4.3. Product 4b: Methyl 4-(4-fluorophenyl)-6-methyl-1,2,3,4-tetrahydro-2-oxopyrimidine-5-carboxylate

The crude product was purified by crystallization from ethanol to obtain a suitable product in the form of colorless crystals; mp. 195–196 °C [Lit mp.191–192 °C] [48]; 1H NMR (400 MHz, DMSO-d6) δ 9.28–9.06 (m, 1H), 7.72 (d, J = 3.5 Hz, 1H), 7.31–7.21 (m, 2H), 7.12 (t, J = 8.9 Hz, 2H), 5.13 (d, J = 3.4 Hz, 1H), 3.51 (s, 3H), 2.24 (s, 3H); 13C NMR (100 MHz, DMSO-d6) δ 166.2, 152.4, 149.2, 141.4, 128.6, 128.5, 115.7, 115.5, 99.4, 53.6, 51.2, 18.2; 19F NMR (376 MHz, DMSO-d6) δ -115.4. 1H- and 13CNMR data were in accordance with those reported in the literature [49]; IR (cm−1): 3327, 2952, 1697, 1667, 1414, 1324, 1240, 1094, 825, 780, 646; ESI-TOF HR: m/z calculated for C13H13FN2O3: 551.1718 [2M+Na]+, found 551.1691; elemental analysis calculated for C13H13FN2O3: C, 59.09%; H, 4.96%; N, 10.60%, found C 59.12%; H, 4.59%; N, 10.63%.

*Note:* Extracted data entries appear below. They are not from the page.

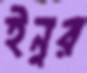
ইনুর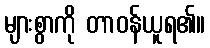
များစွာကို တာဝန်ယူရ၏။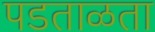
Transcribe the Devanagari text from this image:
पडताळता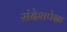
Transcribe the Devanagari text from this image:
संदेशपेक्षा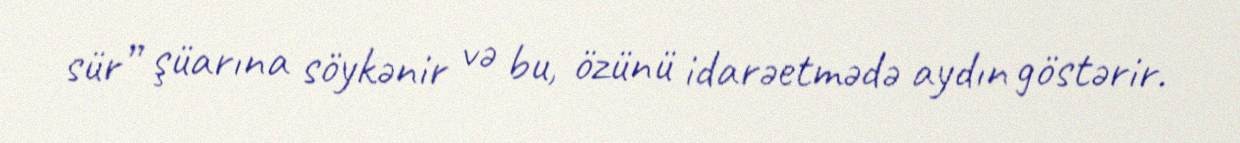
sür” şüarına söykənir və bu, özünü idarəetmədə aydın göstərir.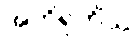
အဘိရုဟိံသု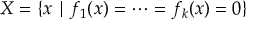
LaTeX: X = \{ x \mid f _ { 1 } ( x ) = \cdots = f _ { k } ( x ) = 0 \}
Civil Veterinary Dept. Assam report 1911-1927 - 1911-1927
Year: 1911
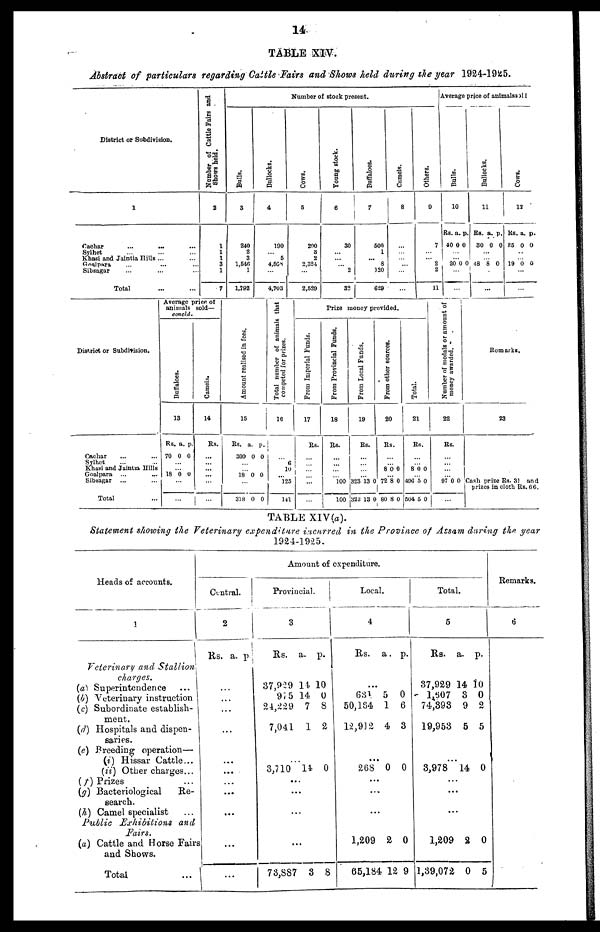
14
TABLE XIV.
Abstract of particulars regarding Cattle Fairs and Shows held during the year 1924-1925.
District or Subdivision.
1
Cachar ... ... ...
Sylhet ... ... ...
Khasi and Jaintia Hills ...
Goalpara ... ... ...
Sibsagar ... ... ...
Total ... ...
Number of Cattle Fairs and
Shows held.
2
1
1
1
3
1
7
Number of stock present.
Bulls.
3
240
2
3
1,546
1
1,792
Bullocks.
4
190
...
5
4,568
4,703
Cows.
5
200
3 2
2,324
2,529
Young stock.
6
30
...
...
...
2
32
Buffaloes.
7
500
1
...
8
120
629
Camels.
8
...
...
...
...
...
...
Others.
9
7
...
...
2
2
11
Average price of animals sold
Bulls.
10
Rs.
40
a.
0
p
0
...
... 20 0
...
...
Bullocks.
11
Rs.
30
a.
0
p.
0
...
... 48 8 0
...
...
Cows .
12
Rs.
25
a.
0
p.
0
...
... 19 0 0
...
...
District or Subdivision.
Cachar ... ...
Sylhet ... ...
Khasi and Jaintia Hills
Goalpara ... ...
Sibsagar ... ...
Total ...
Average price of
animals sold—
concld.
Buffaloes.
13
Rs.
70
a.
0
p.
0
...
...
18 6 0
...
...
Camels.
14
Rs.
...
...
...
...
...
...
Amo u n t r e a l i s e d in fees.
15
Rs.
300
a.
0
p.
0
...
...
18 0 0
...
318 0 0
Total number of animals that
competed for prizes.
16
...
6
19
...
123
141
Prize money provided.
From Imperial Funds.
17
Rs.
...
...
...
...
...
...
From Provincial Funds.
18
Rs.
...
...
...
...
100
100
Fr om Local Funds .
19
Rs.
...
...
...
...
323
323
13
13
0
0
Fr om ot her s our ces .
20
Rs.
...
...
8 0 0
...
72
80
8
8
0
0
Tot al .
21
Rs.
...
...
8 0 0
...
496
504
5
5
0
0
Nu mb e r of m e d a l s or amount of
money awarded.
22
Rs.
...
...
...
...
97 0 0
...
Remarks.
23
Cash prize Rs. 31 and
prizes in cloth Rs. 66.
TABLE XIV(a).
Statement showing the Veterinary expenditure incurred in the Province of Assam during the year
1924-1925.
Heads of accounts.
1
Veterinary and Stallion
charges.
(a) Superintendence
...
(b) Veterinary instruction
(c) Subordinate establish-
ment.
(d) Hospitals and dispen-
saries.
(e) Breeding operation—
(i) Hissar Cattle ...
(ii) Other charges ...
(f) Prizes
...
(g) Bacteriological
Re-
search.
(h) Camel specialist ...
Public Exhibitions
and
Fairs.
(a) Cattle and Morse Fairs.
and Shows.
Total
...
Amount of expenditure.
Central.
2
Rs. a. p.
...
...
...
...
...
...
...
...
...
...
...
Provincial.
3
Rs.
37,929
975
24,229
7,041
a.
14
14
7
1
p.
10
0
8
2
...
3,710 14 0
...
...
...
...
73,887 3 8
Local.
4
Rs. a. p.
...
631
50,164
12,912
5
1
4
0
6
3
268 0 0
...
...
...
1,209
65,184
2
12
0
9
Total.
5
Rs.
37,929
1,607
74,898
19,953
a.
14
8
9
5
p.
10
0
2
5
3,978 14 0
...
...
...
1,209
1,39,072
2
0
0
5
Remarks.
6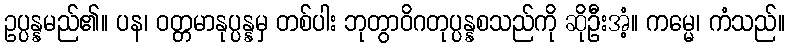
ဥပ္ပန္နမည်၏။ ပန၊ ဝတ္တမာနုပ္ပန္နမှ တစ်ပါး ဘုတွာဝိဂတုပ္ပန္နစသည်ကို ဆိုဦးအံ့။ ကမ္မေ၊ ကံသည်။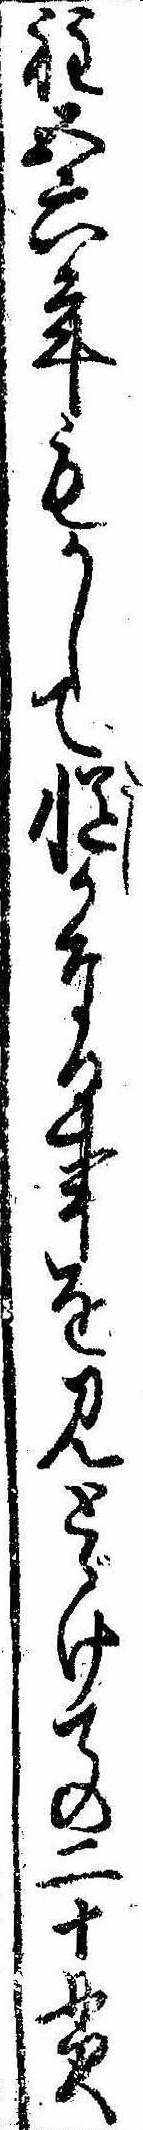
程五六年もかして慥かなる事を見とゞけての二十貫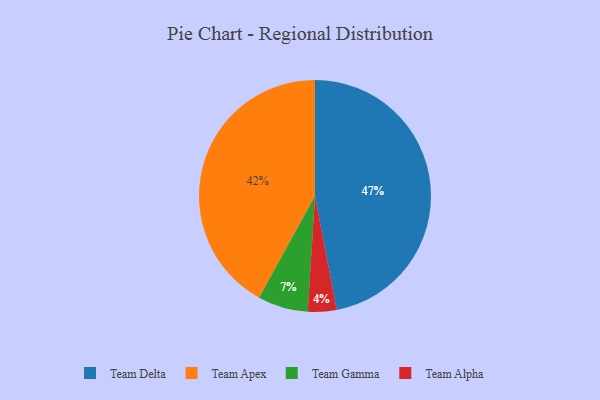
{"axis": {"x": "Category", "y": "Percentage"}, "legend": ["Team Alpha", "Team Apex", "Team Delta", "Team Gamma"], "data": [{"x": "Team Delta", "y": 47, "type": "Team Delta"}, {"x": "Team Gamma", "y": 7, "type": "Team Gamma"}, {"x": "Team Alpha", "y": 4, "type": "Team Alpha"}, {"x": "Team Apex", "y": 42, "type": "Team Apex"}]}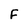
Character: F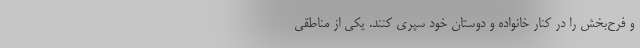
و فرح‌بخش را در کنار خانواده و دوستان خود سپری کنند. یکی از مناطقی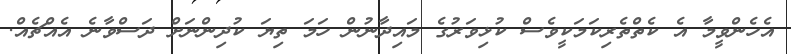
އެހެންވީމާ އެ ކެތްތެރިކަމަކީވެސް ކުޅިވަރުގެ މައިދާނުން ހަމަ ތިޔަ ކުދިންނަށް ދަސްވާނެ އެއްޗެއް.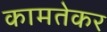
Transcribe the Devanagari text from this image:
कामतेकर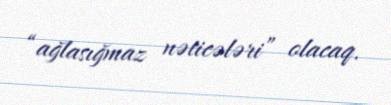
“ağlasığmaz nəticələri” olacaq.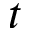
t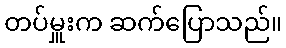
တပ်မှူးက ဆက်ပြောသည်။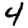
Digit: 4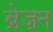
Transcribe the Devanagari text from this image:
ब्रेज़न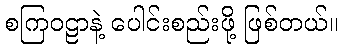
စကြဝဠာနဲ့ ပေါင်းစည်းဖို့ ဖြစ်တယ်။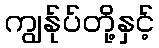
ကျွန်ုပ်တို့နှင့်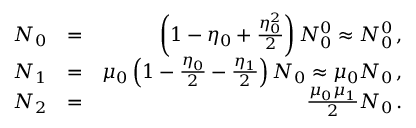
\begin{array} { r l r } { N _ { 0 } } & { = } & { \left( 1 - \eta _ { 0 } + \frac { \eta _ { 0 } ^ { 2 } } { 2 } \right) N _ { 0 } ^ { 0 } \approx N _ { 0 } ^ { 0 } \, , } \\ { N _ { 1 } } & { = } & { \mu _ { 0 } \left( 1 - \frac { \eta _ { 0 } } { 2 } - \frac { \eta _ { 1 } } { 2 } \right) N _ { 0 } \approx \mu _ { 0 } N _ { 0 } \, , } \\ { N _ { 2 } } & { = } & { \frac { \mu _ { 0 } \mu _ { 1 } } { 2 } N _ { 0 } \, . } \end{array}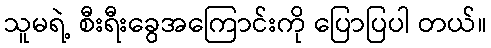
သူမရဲ့ စီးရီးခွေအကြောင်းကို ပြောပြပါ တယ်။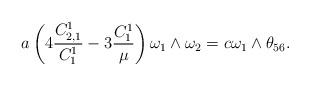
LaTeX: \begin{align*}a\left(4\frac{C^1_{2,1}}{C^1_1}-3\frac{C^1_1}{\mu}\right)\omega_1\wedge\omega_2=c\omega_1\wedge\theta_{56}.\end{align*}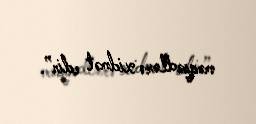
məqsədlərə xidmət edir”.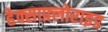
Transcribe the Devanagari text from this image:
हेक्साफ़्लोराइड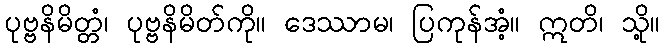
ပုဗ္ဗနိမိတ္တံ၊ ပုဗ္ဗနိမိတ်ကို။ ဒေဿာမ၊ ပြကုန်အံ့။ ဣတိ၊ သို့။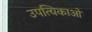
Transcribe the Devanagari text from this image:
उपत्यिकाओं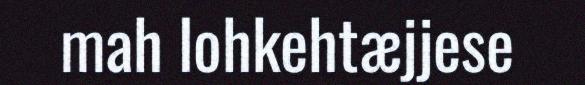
mah lohkehtæjjese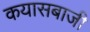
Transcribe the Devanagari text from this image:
कयासबाजी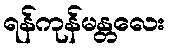
ရန်ကုန်မန္တလေး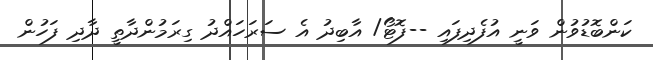
ކަންބޮޑުވުން ވަނީ އުފެދިފައި --ފޮޓޯ/ އާބިދު އެ ސަރަހައްދު ގިރަމުންދާތީ ދާދި ފަހުން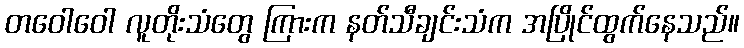
တဝေါဝေါ လူတိုးသံတွေ ကြားက နတ်သီချင်းသံက အပြိုင်ထွက်နေသည်။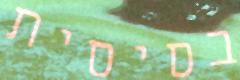
בסיסית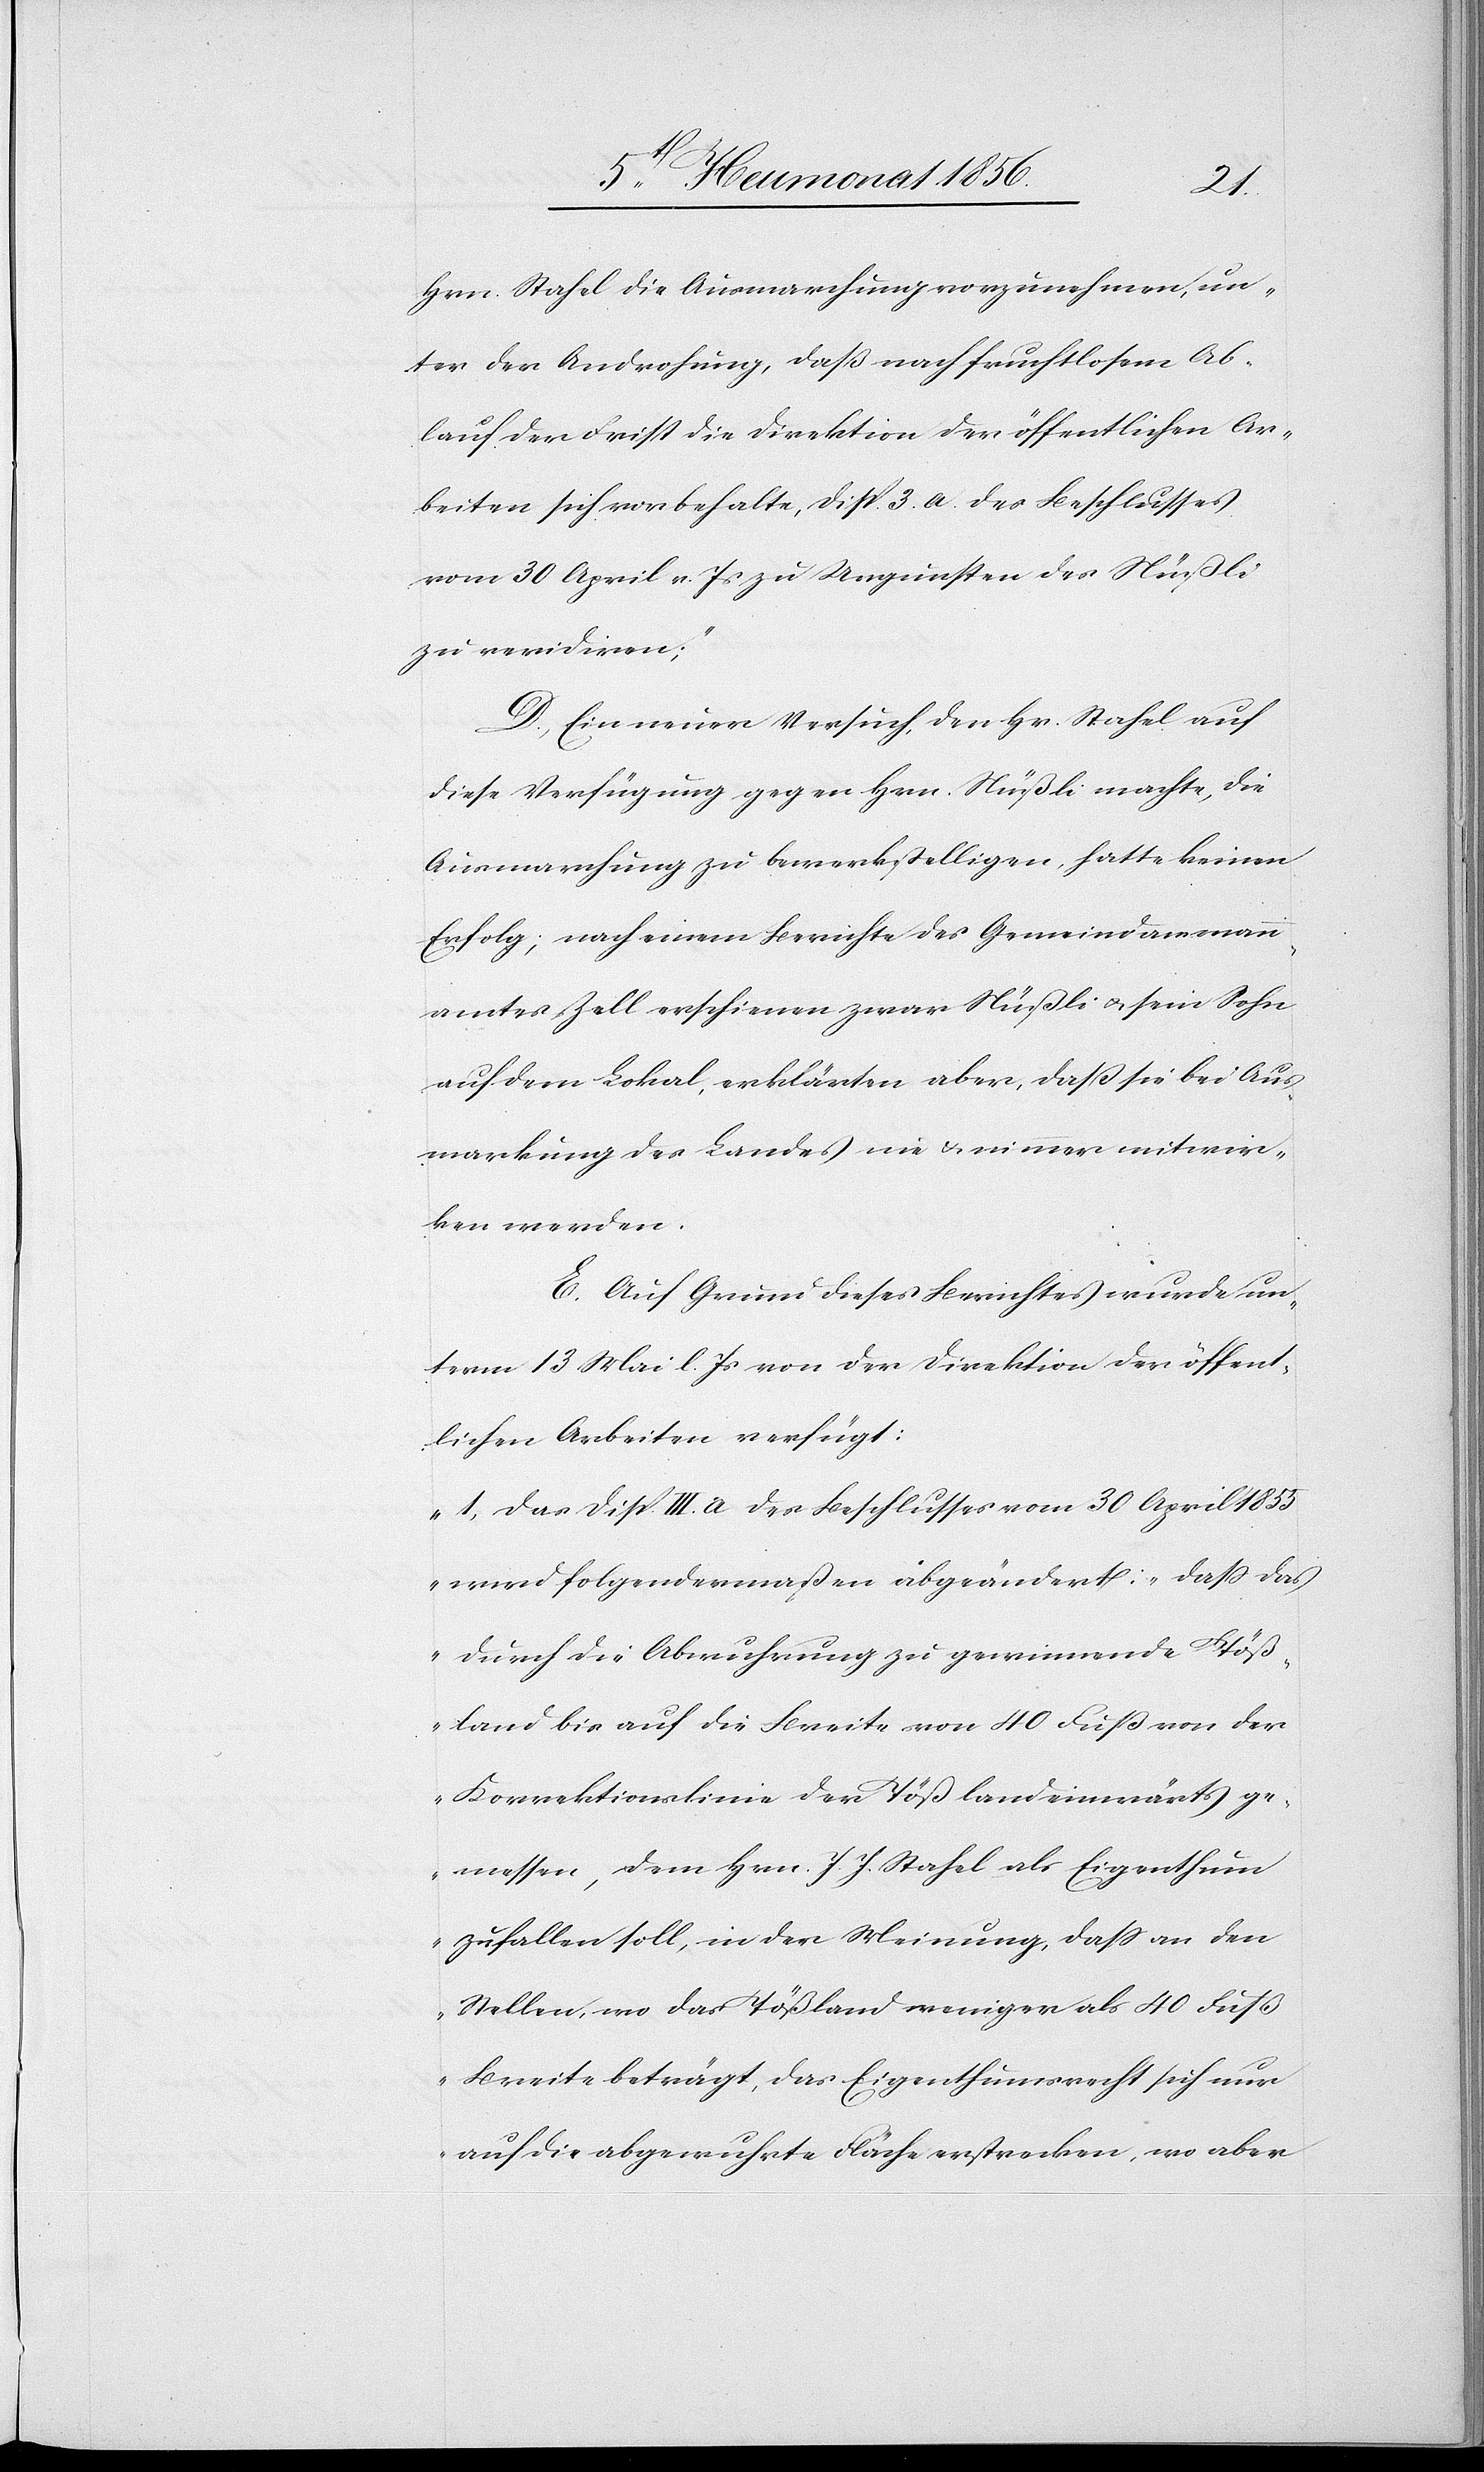
Hrn. Stahel die Ausmarchung vorzunehmen, un¬
ter der Androhung, daß nach fruchtlosem Ab¬
lauf der Frist die Direktion der öffentlichen Ar¬
beiten sich vorbehalte, Disp. 3. a. des Beschlusses
vom 30 April v. Js zu Ungunsten des Nüßli
zu revidiren;"
D. Ein neuer Versuch, den Hrn. Stahel auf
diese Verfügung gegen Hrn. Nüßli machte, die
Ausmarchung zu bewerkstelligen, hatte keinen
Erfolg; nach einem Berichte des Gemeindammann¬
amtes Zell erschienen zwar Nüßli u. sein Sohn
auf dem Lokal, erklärten aber, dass sie bei Aus¬
markung des Landes nie & nimmer mitwir¬
ken werden.
E. Auf Grund dieses Berichtes wurde un¬
term 13 Mai l. Js von der Direktion der öffent¬
lichen Arbeiten verfügt:
„1.) Das Disp. III. a des Beschlusses vom 30 April 1855
wird folgendermaßen abgeändert: „dass das
durch die Abwuhrung zu gewinnende Töß¬
land bis auf die Breite von 40 Fuß von der
Korrektionslinie der Töß landeinwärts ge¬
messen, dem Hrn. J. J. Stahel als Eigenthum
zufallen soll, in der Meinung, dass an den
Stellen, wo das Tößland weniger als 40 Fuß
Breite beträgt, das Eigenthumsrecht sich nur
auf die abgewuhrte Fläche erstrecken, wo aber

4.4. Product 4c: iso-Butyl 4-(4-fluorophenyl)-6-methyl-1,2,3,4-tetrahydro-2-oxopyrimidine-5-carboxylate

The crude product was purified by crystallization from ethanol to obtain a suitable product in the form of white crystals; mp. 164–165 °C, 1H NMR (400 MHz, DMSO-d6) δ 9.22 (s, 1H), 7.71 (s, 1H), 7.24 (dd, J = 8.5, 5.7 Hz, 2H), 7.13 (dd, J = 9.9, 7.7 Hz, 2H), 5.14 (d, J = 3.4 Hz, 1H), 3.82–3.61 (m, 2H), 2.26 (s, 3H), 1.73 (dt, J = 13.2, 6.6 Hz, 1H), 0.72 (dd, J = 6.8, 3.6 Hz, 6H); 13C NMR (100 MHz, DMSO-d6) δ 165.7, 152.3, 149.4, 128.7, 128.6, 115.7, 115.4, 99.2, 69.7, 31.1, 27.6, 19.3, 19.2, 18.2; 19F NMR (376 MHz, DMSO-d6) δ-115.43; IR (cm−1): 3315, 2962, 1704, 1682, 1643, 1507, 1467, 1379, 1223, 1092, 841, 796, 662; ESI-TOF HR: m/z calculated for C16H19FN2O3: 635.2657 [2M+Na]+, found 635.2644; elemental analysis calculated for C16H19FN2O3: C, 62.73%; H, 6.25%; N, 9.14%, found C, 62.23%; H, 6.26%; N, 9.17%.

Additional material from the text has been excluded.